From: Amit Shah <[EMAIL PROTECTED]>

This patch adds support for handling PCI devices that are assigned to
the guest ("PCI passthrough").

The device to be assigned to the guest is registered in the host kernel
and interrupt delivery is handled.
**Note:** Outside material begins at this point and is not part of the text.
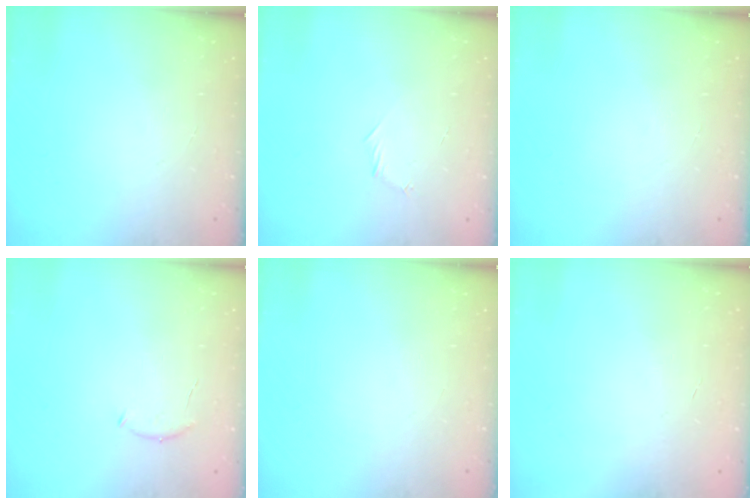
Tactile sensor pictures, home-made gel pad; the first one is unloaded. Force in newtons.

If a device is already assigned, or
the device driver for it is still loaded on the host, the device assignment
is failed by conveying a -EBUSY reply to the userspace.

Devices that share their interrupt line are not supported at the moment.
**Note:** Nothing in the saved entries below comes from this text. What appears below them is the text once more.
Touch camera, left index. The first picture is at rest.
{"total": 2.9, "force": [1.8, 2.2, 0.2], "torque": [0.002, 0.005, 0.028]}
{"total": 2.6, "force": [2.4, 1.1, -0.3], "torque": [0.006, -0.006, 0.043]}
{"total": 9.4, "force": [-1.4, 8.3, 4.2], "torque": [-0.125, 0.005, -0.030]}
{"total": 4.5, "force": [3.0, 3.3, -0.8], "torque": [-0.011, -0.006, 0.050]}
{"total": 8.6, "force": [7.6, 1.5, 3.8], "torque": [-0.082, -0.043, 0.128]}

By itself, this patch will not make devices work within the guest.
The VT-d extension is required to enable the device to perform DMA.
Another alternative is PVDMA.

Signed-off-by: Amit Shah <[EMAIL PROTECTED]>
Signed-off-by: Ben-Ami Yassour <[EMAIL PROTECTED]>
Signed-off-by: Han, Weidong <[EMAIL PROTECTED]>
---
 arch/x86/kvm/x86.c         |  267 ++++++++++++++++++++++++++++++++++++++++++++
 include/asm-x86/kvm_host.h |   37 ++++++
 include/asm-x86/kvm_para.h |   16 +++-
 include/linux/kvm.h        |    3 +
 virt/kvm/ioapic.c          |   12 ++-
 5 files changed, 332 insertions(+), 3 deletions(-)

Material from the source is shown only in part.